For several months now, I have been keeping an Excel document especially to track my hours at these types of positions.  Each client has its own designated sheet, where I keep a log of hours and fees for each week of work.  Immediately upon arrival in the morning, I update the starting time for the day.  Immediately after lunch (and sometimes before), I enter in the length of my break.  Before departure, I update the timesheet to reflect total hours worked for the day.  In this manner, I am aware of exactly how much money I am earning at every leg of the day, every day of the week, every week of the year, and ultimately for the year as a whole.  When I send an invoice at the beginning of each week, the date, invoice number, and amount is tallied in the Excel document.  When the client pays the invoice, I enter bold text “Paid” next to the invoice number.  A final sheet, mislabeled “Net Worth”, automatically updates with every new entry to reflect my total earnings this year.

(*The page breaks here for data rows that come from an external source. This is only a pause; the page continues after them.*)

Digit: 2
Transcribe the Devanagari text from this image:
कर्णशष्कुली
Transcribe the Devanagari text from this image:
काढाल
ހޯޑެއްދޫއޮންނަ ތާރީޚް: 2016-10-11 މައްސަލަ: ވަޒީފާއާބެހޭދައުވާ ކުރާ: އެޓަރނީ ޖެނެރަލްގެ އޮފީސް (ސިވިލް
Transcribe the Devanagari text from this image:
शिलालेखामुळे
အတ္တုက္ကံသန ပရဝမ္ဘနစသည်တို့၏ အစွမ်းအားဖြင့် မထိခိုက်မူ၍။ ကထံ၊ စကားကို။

The office has an atrium with a skylight, a jukebox, some circular tables, and a small coffee shop run alternate days by ghetto tall Showannah and a bubbly tall Latina woman.  Showannah has decided that I like green tea in the morning.  And something about being someone who has an assigned drink appeals to me, so despite my preference for non-caffeinated beverages, I often have green tea in the morning.  The afternoon is peppermint tea time, sometimes with an oatmeal raisin cookie.  The atrium is almost always empty.

The building has a cafeteria four floors below mine.  I have not yet ventured there.

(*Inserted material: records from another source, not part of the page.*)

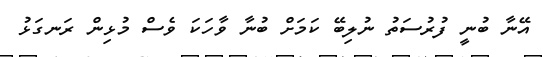
އޭނާ ބުނީ ފުރުސަތު ނުލިބޭ ކަމަށް ބުނާ ވާހަކަ ވެސް މުޅިން ރަނގަޅު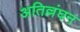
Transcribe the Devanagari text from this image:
अतिल्लंघन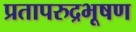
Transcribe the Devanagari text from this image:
प्रतापरुद्रभूषण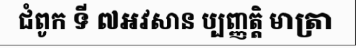
ជំពូក ទី ៧អវសាន ប្បញ្ញត្តិ មាត្រា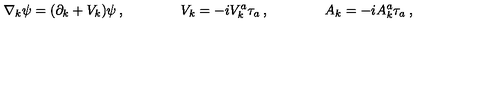
\nabla _ { k } \psi = ( \partial _ { k } + V _ { k } ) \psi \: , \qquad \qquad V _ { k } = - i V _ { k } ^ { a } \tau _ { a } \: , \qquad \qquad A _ { k } = - i A _ { k } ^ { a } \tau _ { a } \: ,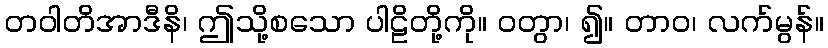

Today, one Project Manager asked me for a critique of the designs produced by one of the Art Directors.  All in all, the design left a lot to be desired.  The site is obviously going to be boring and static, although Project Manager K explained that this was not likely to change given budget and timing constraints..  When I was finished with my feedback, Project Manager K said, “Thanks, I’m so glad we have someone like you around.”  Project Manager J, sitting on the other side of the desk looked up and exclaimed, “Fuckin’-a, Yes!,” followed by “I only wish the Creatives understood that.”

I said, “The Creatives will not understand.”